Ecuadorean security forces have arrested 68 gang members after they stormed a hospital in the town of Yaguachi, in Guayas province.

Officials said the men tried to take over the facility, at which a member of their gang was receiving treatment.

Police said the intruders' aim was to guard the patient from potential attacks from rivals.

There have been previous incidents in which gang members have been targeted while in hospital.

During that incident, nurses and hospital staff were taken hostage as the men exchanged fire with police.

It is not yet clear which gang was behind Sunday's storming of the Yaguachi hospital, nor who the injured man was they were trying to guard.

Police said he had arrived at the hospital in the early hours of Sunday with gunshot wounds. He has since died of those wounds, they said.

After securing the hospital, the security forces also raided a nearby "rehabilitation centre".

Drug rehabilitation centres are often used as a front by gangs. Officials said this one was used as command centre for their illegal operations, as well as a brothel.

The raid comes amid a state of emergency declared by President Daniel Noboa in response to a surge in gang violence.

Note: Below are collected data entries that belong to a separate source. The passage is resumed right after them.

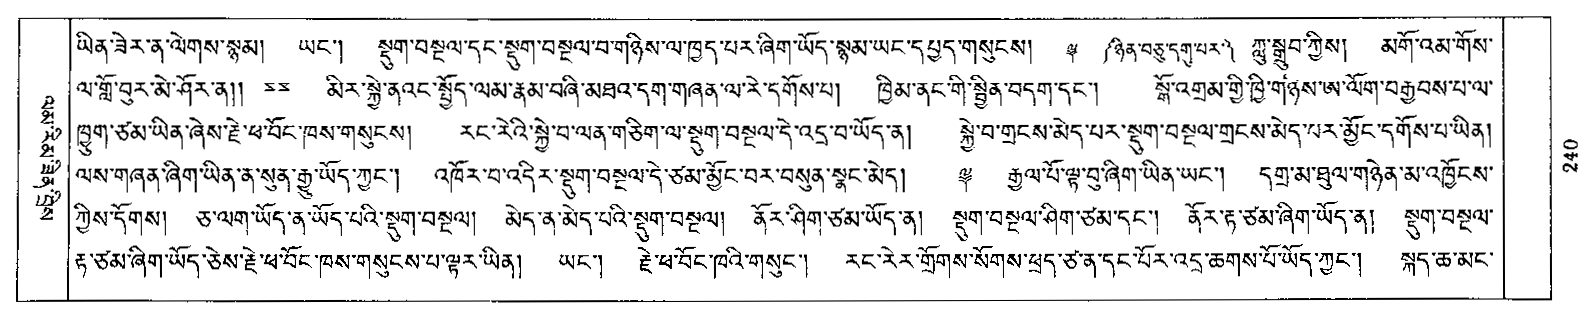ཡིན་ཟེར་ན་ལེགས་སྙམ། ཡང་། སྡུག་བསྔལ་དང་སྡུག་བསྔལ་བ་གཉིས་ལ་ཁྱད་པར་ཞིག་ཡོད་སྙམ་ཡང་དཔྱད་གསུངས། ༈ ཉིན་བཅུ་དགུ་པར}་ཀླུ་སྒྲུབ་ཀྱིས། མགོ་འམ་གོས་
ལ་གློ་བུར་མེ་ཤོར་ན།། ྾྾་མིར་སྐྱེ་ནའང་སྤྱོད་ལམ་རྣམ་བཞི་མཐའ་དག་གཞན་ལ་རེ་དགོས་པ། ཁྱིམ་ནང་གི་སྦྱིན་བདག་དང་། སྒོ་འགྲམ་གྱི་ཁྱི་གཉིས་ཨ་ལོག་བརྒྱབས་པ་ལ་
ཁྱུག་ཙམ་ཡིན་ཞེས་རྗེ་ཕ་བོང་ཁས་གསུངས། རང་རེའི་སྐྱེ་བ་ལན་གཅིག་ལ་སྡུག་བསྔལ་དེ་འདྲ་བ་ཡོད་ན། སྐྱེ་བ་གྲངས་མེད་པར་སྡུག་བསྔལ་གྲངས་མེད་པར་མྱོང་དགོས་པ་ཡིན།
ལས་གཞན་ཞིག་ཡིན་ན་སུན་རྒྱུ་ཡོད་ཀྱང་། འཁོར་བ་འདིར་སྡུག་བསྔལ་དེ་ཙམ་མྱོང་བར་བསུན་སྣང་མེད། ༈ རྒྱལ་པོ་ལྟ་བུ་ཞིག་ཡིན་ཡང་། དགྲ་མ་ཐུལ་གཉེན་མ་འཁྱོངས་
ཀྱིས་དོགས། ཅ་ལག་ཡོད་ན་ཡོད་པའི་སྡུག་བསྔལ། མེད་ན་མེད་པའི་སྡུག་བསྔལ། ནོར་ཤིག་ཙམ་ཡོད་ན། སྡུག་བསྔལ་ཤིག་ཙམ་དང་། ནོར་རྟ་ཙམ་ཞིག་ཡོད་ན། སྡུག་བསྔལ་
རྟ་ཙམ་ཞིག་ཡོད་ཅེས་རྗེ་ཕ་བོང་ཁས་གསུངས་པ་ལྟར་ཡིན། ཡང་། རྗེ་ཕ་བོང་ཁའི་གསུང་། རང་རེར་གྲོགས་སོགས་ཕྲད་ཙ་ན་དང་པོར་འདྲ་ཆགས་པོ་ཡོད་ཀྱང་། སྐད་ཆ་མང་
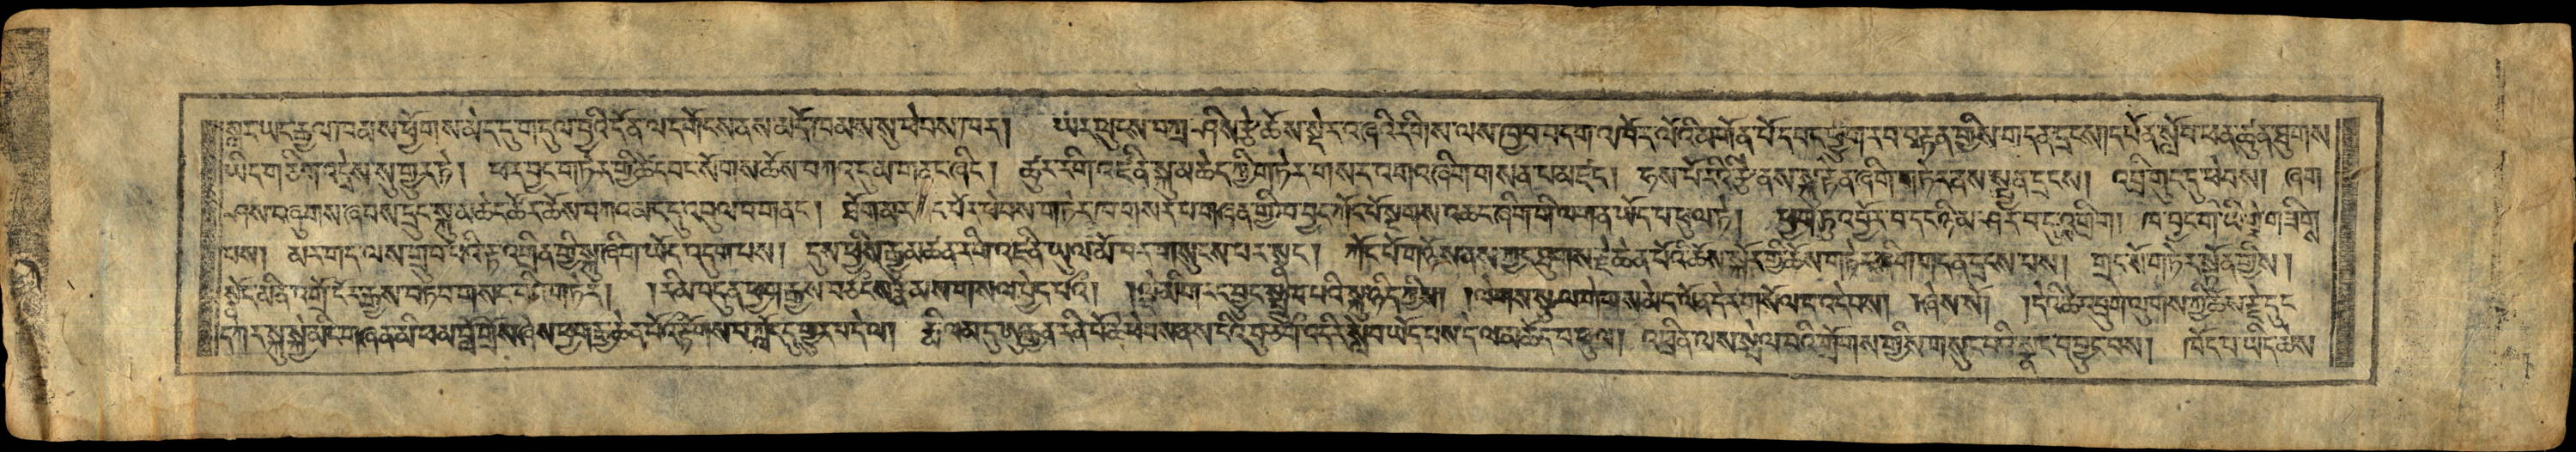སླར་ཡང་རྒྱལ་ཁམས་ཕྱོགས་མེད་དུ་གདུལ་བྱའི་དོན་ལ་དགོངས་ནས་མདོ་ཁམས་སུ་ཕེབས་ཁར། ཡར་ལུངས་བཀྲ་ཤིས་རྩེ་ཆོས་སྡེར་འ་ཞའི་རིགས་ལས་ཁྱབ་བདག་འཁོར་ལོའི་མགོན་པོ་དབང་ཕྱུག་རབ་བརྟན་གྱིས་གདན་དྲངས། དཔོན་སློབ་ཕན་ཆུན་ཐུགས་
ཡིད་གཅིག་འདྲེས་སུ་གྱུར་ཏེ། ཕར་བྱང་གཏོར་གྱི་ཚེ་དབང་སོགས་ཆོས་བཀའ་དུ་མ་གནང་ཞིང་། ཚུར་རིག་འཛིན་སྐུ་མཆེད་ཀྱི་གཏེར་གསར་འགའ་ཞིག་གསན་པ་མཛད། ཧས་པོ་རིའི་རྩེ་ནས་སྐུ་རྟེན་ཞིག་གཏེར་ནས་སྤྱན་དྲངས། འབྲི་གུང་དུ་ཕེབས། ཞག་
ཤས་བཞུགས་ཞབས་དྲུང་སྐུ་མཆེད་ཚོར་ཆོས་བཀའ་མང་དུ་འབུལ་བ་གནང་། ཐོག་མར་ཀོང་པོར་ཕེབས་གཏེར་ཁ་གསར་པ་གཞན་གྱི་ཁ་བྱང་ཀོང་པོ་སྔགས་འཆང་ཞིག་གི་ལག་ན་ཡོད་པ་ཕུལ་ཏེ། ཕྱག་ཏུ་འབྱོར་བ་དང་ཉི་མ་ཤར་བ་དུ་འགྲིག། ཁ་བྱང་གི་ཡི་སྡེ་གཟིགས་
པས། མར་གད་ལས་གྲུབ་པའི་རྟ་འགྲིན་གྱི་སྐུ་ཞིག་ཡོད་འདུག་པས། དུས་ཕྱིས་རྒྱུ་མཚན་རིག་འཛིན་ཡུལ་མོ་བར་གསུངས་པར་སྣང་། ཀོང་པོ་གཉོས་ནས་ཀྱང་ཐུགས་རྗེ་ཆེན་པོའི་ཆོས་སྐོར་གྱི་ཆོས་གཏེར་ཞིག་གདན་དྲངས་པས། གྲང་སོ་གཏེར་སྟོན་གྱིས།
སྣོད་མིན་འགྲོ་ངོར་རྒྱས་བཏབ་གསང་བའི་གཏེར། །རིམ་བདུན་ཕྱག་རྒྱས་བཅྀངས་རྣམས་གསལ་བྱེད་པའི། །ལྡེ་མིག་རང་བྱུང་སྤྲུལ་པའི་སྐུ་ཉིད་ཀྱིས། །ལེགས་སྩལ་གེགས་མེད་ལོན་དེར་གསོལ་བ་འདེབས། །ཞེས་སོ། །དེའི་ཚེ་འབྲུག་ལུགས་ཀྱི་ཆོས་རྗེ་དུང་
དཀར་སྐུ་སྐྱེ་མིང་གཞན་མི་ཕམ་བློ་གྲོས་ཞེས་ཕྱག་རྒྱ་ཆེན་པོའི་རྟོགས་པ་ཀློང་དུ་གྱུར་པ་དེ་ལ། རྨི་ལམ་དུ་ཨུ་རྒྱན་རིན་པོ་ཆེ་ཕེབས་ནས་དའི་བུ་ཅྀག་འདིར་སླེབ་ཡོད་པས་དེ་ལ་མཆོད་པ་ཕུལ། འཕྲིན་ལས་སྤེལ་བའི་གྲོགས་གྱིས་གསུང་བའི་སྣང་བ་བྱུང་བས། ཁོང་པ་ཡིད་ཆེས་

More than 2,700 suspects have been arrested since Mr Noboa declared war on the gangs on 9 January, saying that there was an "armed internal conflict" between the criminal groups and security forces.

The president took the unprecedented step as gunmen took journalists and staff at a TV station hostage during a live broadcast.

Media caption,

Watch: Armed men interrupt live Ecuador broadcast and threaten staff

Since then, soldiers have been deployed to help police quell the violence, which had spread from the country's prisons to the streets of Ecuador's major cities.

According to the government, 201 prison guards and staff, who had been held hostage by rioting inmates, have been freed.

But the gangs also appear to have stepped up their attacks.